Much has been made in the coverage of education issues nationally of the so-called “Education Reform” movement. It's taken many forms, from the carrot-stick approach of the Obama/Arne Duncan-favored “Race to the Top,” to a straight-up, market-based voucher program, such as the one passed in the state of Louisiana last year where the per pupil funding follows the pupil to any public or private school. All of these plans claim to have the student at the center of any reforms. Neither really gives much say to the teachers, or parents who want their students to have the best teachers rather than the smartest sounding business plan. In both cases, the less power the teacher has, the better. While vouchers place teachers at the whim of market forces while also allowing for taxpayer-funded vouchers to be spent on religious education (as the Virginia bill is expected to do and the Louisiana bill did to wacky extremes), “Race to the Top” has quietly imposed upon school systems a number of controversial classroom “innovations,” including more high-stakes testing (despite the President's own admonishment of “teaching to the test”), the expansion of privately-run charter schools (who are in turn given low oversight of their activities, and have proven to be no better, if not worse than public schools), online schools (many of which, while attractive to technophiles and pitched as good options for students who have an attention deficit, are ineffective at best), and merit pay programs that demand job instability for teachers in exchange for school funding.
The lack of a true teacher's union to front a campaign against the introduction of policies that undercut public schools and divert taxpayer dollars to private corporations in the name of “reform” has meant that this issue hasn't gotten the attention it has seen in large states like California and New York, or even in neighboring DC a few years back during the Michelle Rhee era. Rhee's own organization, StudentsFirst, has continued to garner much of the coverage of school reform coverage. Perhaps no other event has best called into question the methodology and motives of these so-called “reformers” as this week's release of her organization's education rankings. Missing from her metrics were one seemingly obvious one: student success. Instead, she focused on issues like charter prevalence, elimination of tenure privileges for teachers, making it easier to fire teachers, allowance for student “choice” (read: availability of vouchers), and controversial “trigger laws.” The “trigger laws” are a perfect example of the deceptiveness of these sorts of reformers. As portrayed in the recent movie Won't Back Down, these laws allow for parents to vote to overhaul failing public schools. What their proponents hope parents don't realize (and what is never addressed in the film) is that this typically would involve shutting down the school, firing the entire staff, or selling off the school to a corporation interested in seeing what they can squeeze out of a public asset (h/t to my friend Liza Featherstone, whose takedown of that film and what it promotes can be read here).

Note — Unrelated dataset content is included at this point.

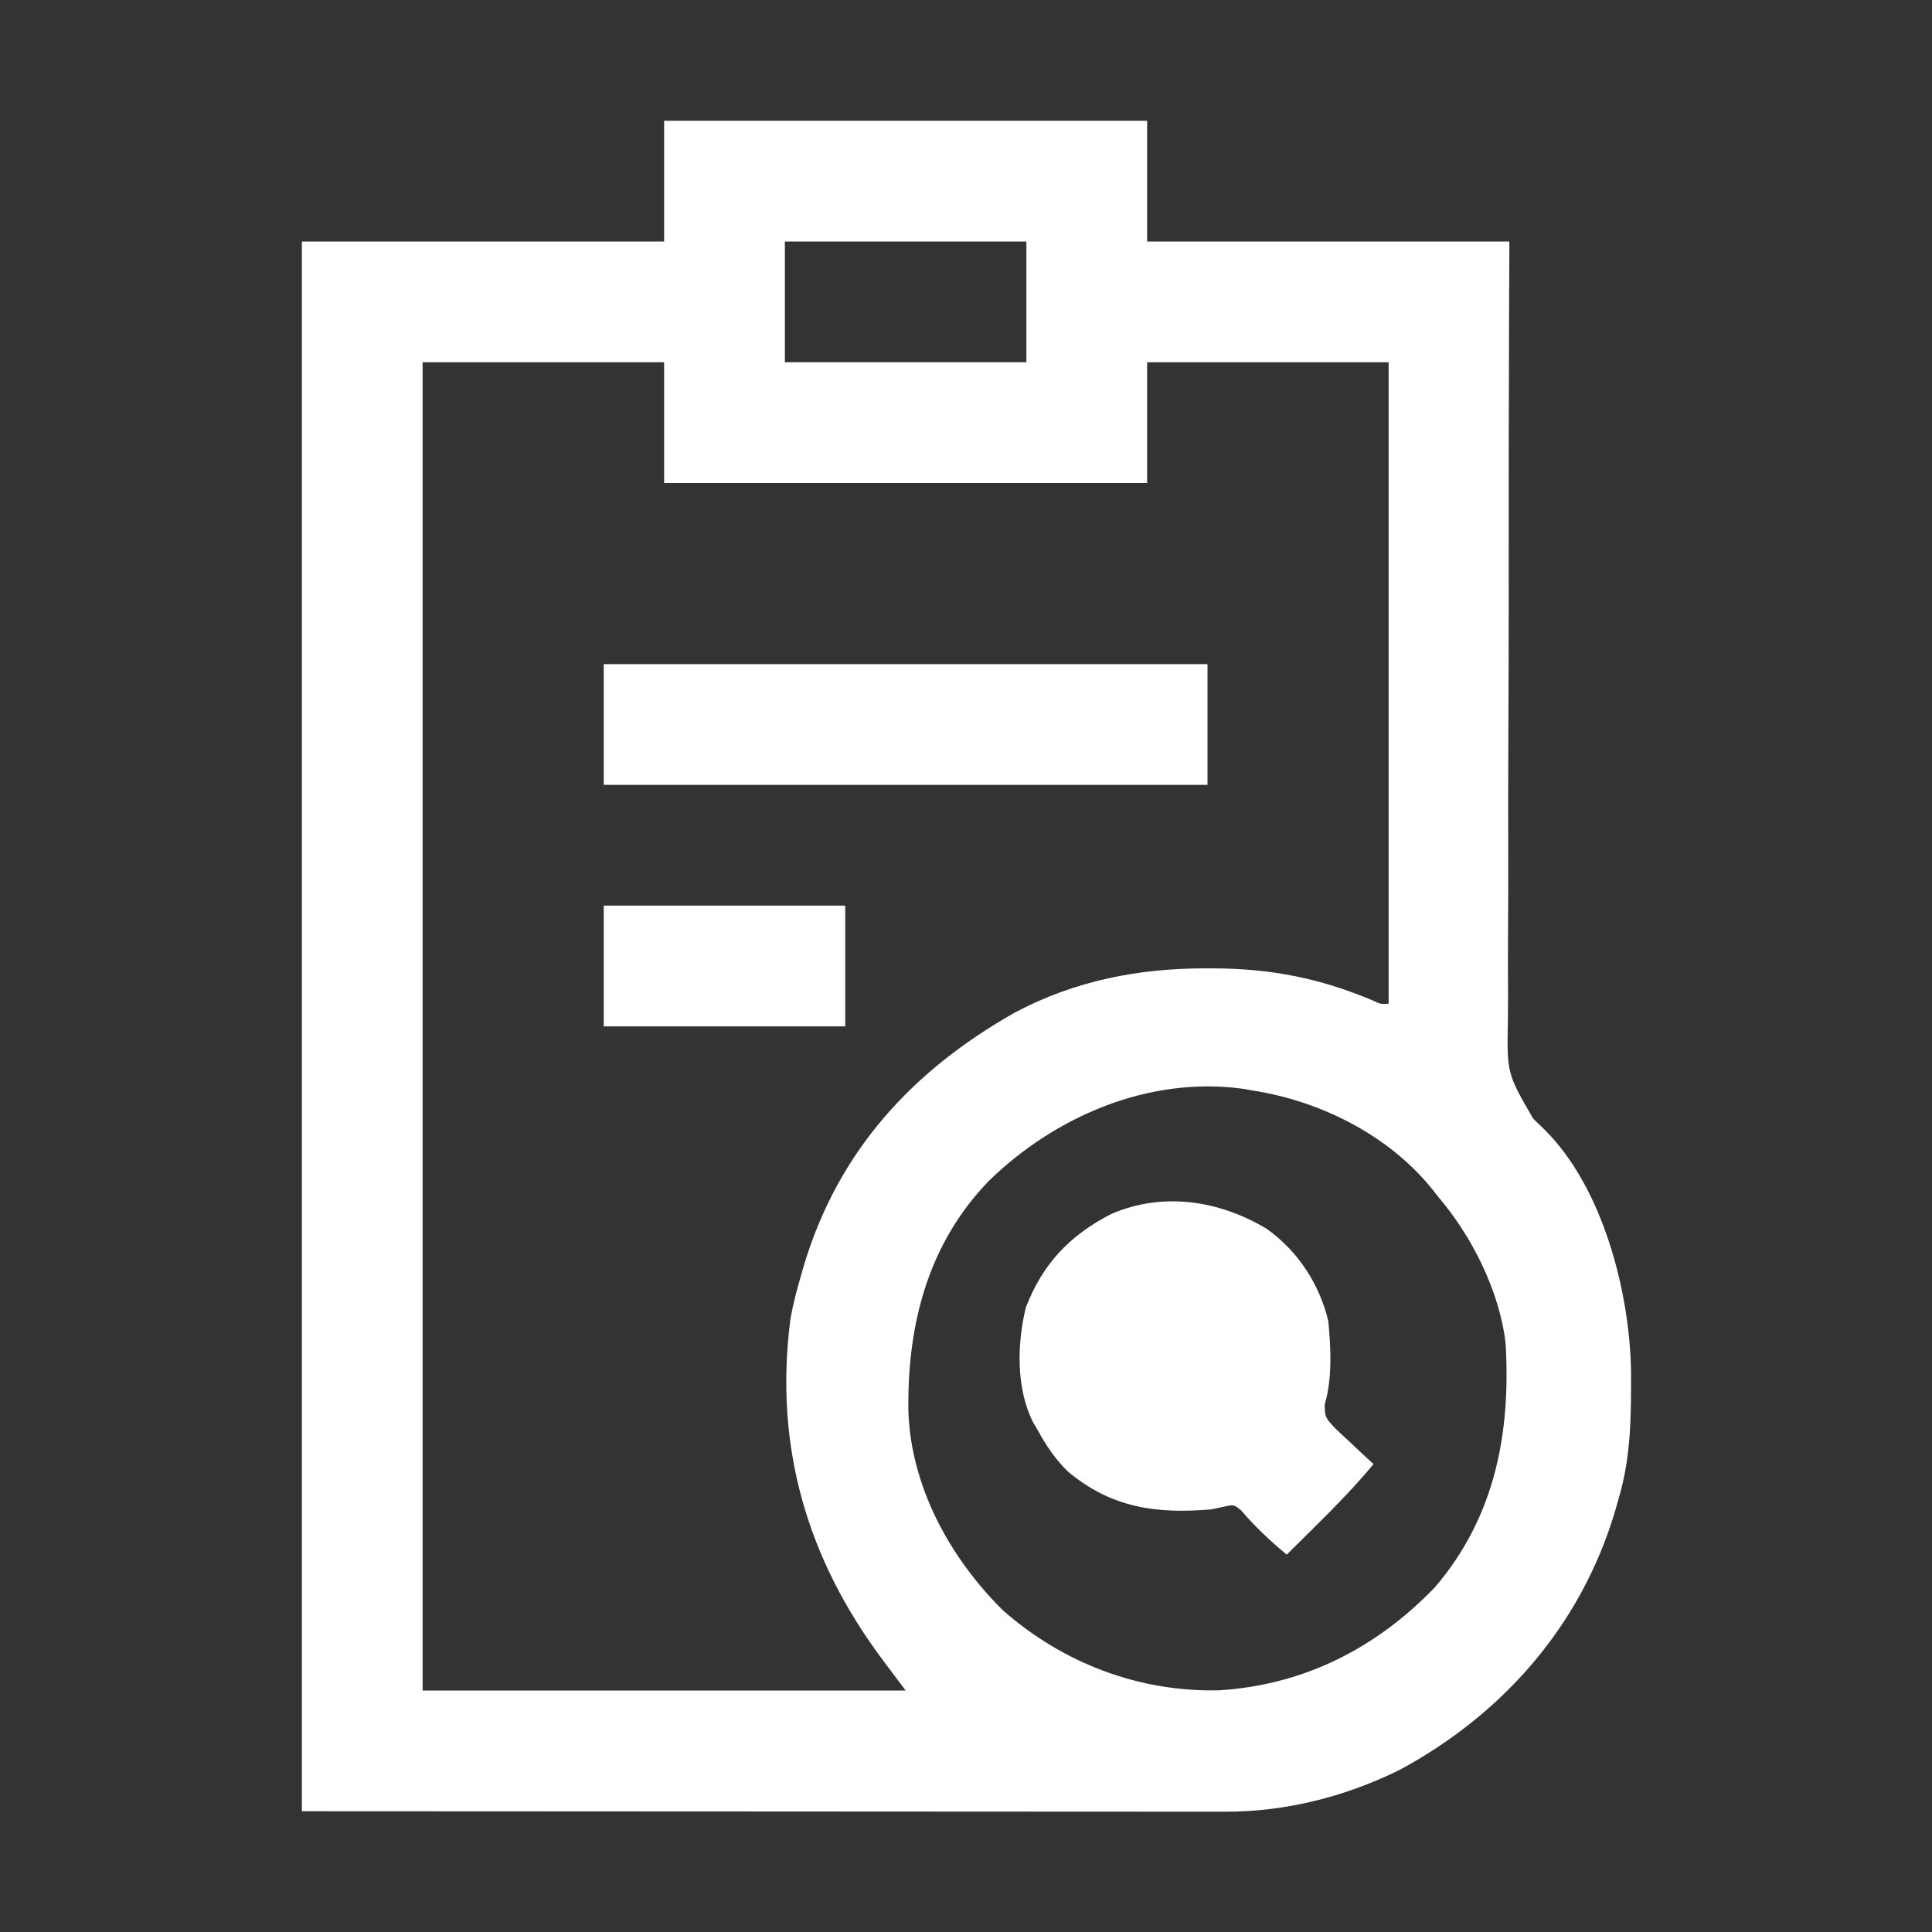 <svg xmlns="http://www.w3.org/2000/svg" xmlns:xlink="http://www.w3.org/1999/xlink" xmlns:svgjs="http://svgjs.com/svgjs" id="SvgjsSvg1001" width="288" height="288"><rect width="100%" height="100%" fill="#333333" stroke="none"/><defs id="SvgjsDefs1002"></defs><g id="SvgjsG1008"><svg xmlns="http://www.w3.org/2000/svg" viewBox="0 0 512 512" width="288" height="288"><path fill="#ffffff" d="M0 0 C42.24 0 84.48 0 128 0 C128 10.56 128 21.12 128 32 C159.68 32 191.36 32 224 32 C223.973 38.748 223.945 45.496 223.917 52.448 C223.837 74.074 223.812 95.701 223.82 117.327 C223.822 120.69 223.823 124.053 223.823 127.416 C223.823 128.42 223.823 128.42 223.823 129.445 C223.824 140.265 223.786 151.084 223.733 161.903 C223.68 173.017 223.67 184.13 223.696 195.244 C223.709 201.482 223.704 207.719 223.652 213.956 C223.603 219.835 223.607 225.711 223.649 231.589 C223.656 233.74 223.644 235.891 223.611 238.041 C223.325 252.408 223.325 252.408 230.318 264.457 C231.276 265.406 232.245 266.344 233.226 267.269 C248.858 282.658 256.013 310.788 256.241 331.81 C256.268 343.255 256.26 353.949 253 365 C252.472 366.849 252.472 366.849 251.934 368.734 C242.869 398.823 222.393 422.171 195 437 C180.531 444.149 164.697 448.168 148.598 448.12 C147.032 448.122 147.032 448.122 145.434 448.123 C141.926 448.125 138.419 448.119 134.911 448.114 C132.357 448.113 129.803 448.113 127.249 448.114 C121.1 448.114 114.951 448.11 108.802 448.103 C101.689 448.096 94.575 448.095 87.461 448.095 C68.682 448.089 49.904 448.075 31.125 448.062 C-31.802 448.032 -31.802 448.032 -96 448 C-96 310.72 -96 173.44 -96 32 C-64.32 32 -32.64 32 0 32 C0 21.44 0 10.88 0 0 Z M32 32 C32 42.56 32 53.12 32 64 C53.12 64 74.24 64 96 64 C96 53.44 96 42.88 96 32 C74.88 32 53.76 32 32 32 Z M-64 64 C-64 180.16 -64 296.32 -64 416 C-21.76 416 20.48 416 64 416 C62.02 413.36 60.04 410.72 58 408 C37.848 381.106 29.059 351.179 33.496 317.352 C34.162 313.824 34.984 310.442 36 307 C36.352 305.768 36.704 304.535 37.066 303.266 C46.208 272.922 65.843 251.671 92.934 236.34 C108.839 227.902 125.669 224.601 143.562 224.625 C144.221 224.625 144.879 224.625 145.557 224.626 C160.71 224.674 173.666 227.208 187.594 233.047 C189.879 234.123 189.879 234.123 192 234 C192 177.9 192 121.8 192 64 C170.88 64 149.76 64 128 64 C128 74.56 128 85.12 128 96 C85.76 96 43.52 96 0 96 C0 85.44 0 74.88 0 64 C-21.12 64 -42.24 64 -64 64 Z M86 281 C69.809 297.82 64.431 319.17 64.73 341.898 C65.352 361.888 75.725 380.852 89.777 394.746 C105.648 408.742 125.91 416.484 147.156 415.945 C169.68 414.517 188.834 404.702 204.305 388.602 C220.197 369.988 224.394 347.848 223 324 C221.408 310.17 214.041 295.528 205 285 C204.504 284.362 204.007 283.724 203.496 283.066 C191.953 268.797 173.949 259.798 156 257 C154.706 256.772 154.706 256.772 153.387 256.539 C128.456 253.134 103.622 263.823 86 281 Z " transform="translate(176 32)" class="color221E1F svgShape"></path><path fill="#ffffff" d="M0 0 C8.188 5.864 13.881 14.539 16.25 24.312 C16.943 31.479 17.372 39.507 15.324 46.453 C15.235 49.873 15.754 50.301 17.996 52.742 C19.209 53.909 20.441 55.057 21.688 56.188 C22.312 56.78 22.937 57.373 23.58 57.984 C25.121 59.443 26.684 60.88 28.25 62.312 C23.575 67.936 18.572 73.11 13.375 78.25 C12.591 79.029 11.807 79.808 11 80.611 C9.086 82.514 7.169 84.414 5.25 86.312 C0.842 82.632 -3.151 78.914 -6.879 74.535 C-8.751 73.03 -8.751 73.03 -11.395 73.598 C-13.055 73.952 -13.055 73.952 -14.75 74.312 C-29.336 75.546 -41.211 73.945 -52.785 64.254 C-56.119 60.96 -58.507 57.411 -60.75 53.312 C-61.164 52.61 -61.578 51.907 -62.004 51.184 C-66.505 42.165 -66.242 30.359 -63.867 20.734 C-59.38 9.145 -52.226 1.701 -41.328 -3.941 C-27.556 -9.93 -12.558 -7.564 0 0 Z " transform="translate(335.75 325.688)" class="color221E1F svgShape"></path><path fill="#ffffff" d="M0 0 C52.8 0 105.6 0 160 0 C160 10.56 160 21.12 160 32 C107.2 32 54.4 32 0 32 C0 21.44 0 10.88 0 0 Z " transform="translate(160 176)" class="color231F20 svgShape"></path><path fill="#ffffff" d="M0 0 C21.12 0 42.24 0 64 0 C64 10.56 64 21.12 64 32 C42.88 32 21.76 32 0 32 C0 21.44 0 10.88 0 0 Z " transform="translate(160 240)" class="color231F20 svgShape"></path></svg></g></svg>

We know that what ultimately mattes is student outcomes. The assumption is that by introducing market reforms, schools will compete to educate the best and parents will choose the best school for their children the way they may choose the best car for their family. Results thus far have been mixed. No one denies that a child at a failing school would be better off at a more robustly funded school, public or private. What isn't clear is that privately run schools using taxpayer funds (the charters) are any better than the traditional public schools. Why give away taxpayer funds to private firms if they're not creating a better return that our current firms? One may argue that it's strictly a cost issue, but that argument is flimsy as well. Many charters, including online charters, have turned into money pits.
So why bring this up right now in Virginia if what's done is done on these tax credits for private school scholarships? Aren't we just resigned to the fact that tax dollars are going to get diverted to schools that might be teaching religious doctrine that we find repugnant? As mentioned before, it's unlikely that legal challenges will put a dent in this. But there's still a long ways down the road to a corporate-run education system, and lawmakers on both sides are pushing for us to move further down it. Where does Terry McAuliffe stand on this? Does he agree with some of the more controversial parts of “Race to the Top”? Would he have stood with the entire Democratic Senate Caucus in voting against the voucher-like plan passed last year?
It's worth making this a must-discuss issue for all candidates in 2013. Does Virginia want a well-funded, non-corporatized, non-discriminatory public school system staffed by quality teachers? Or do we want change of the Bobby Jindal sort? Let the 2013 education policy test begin.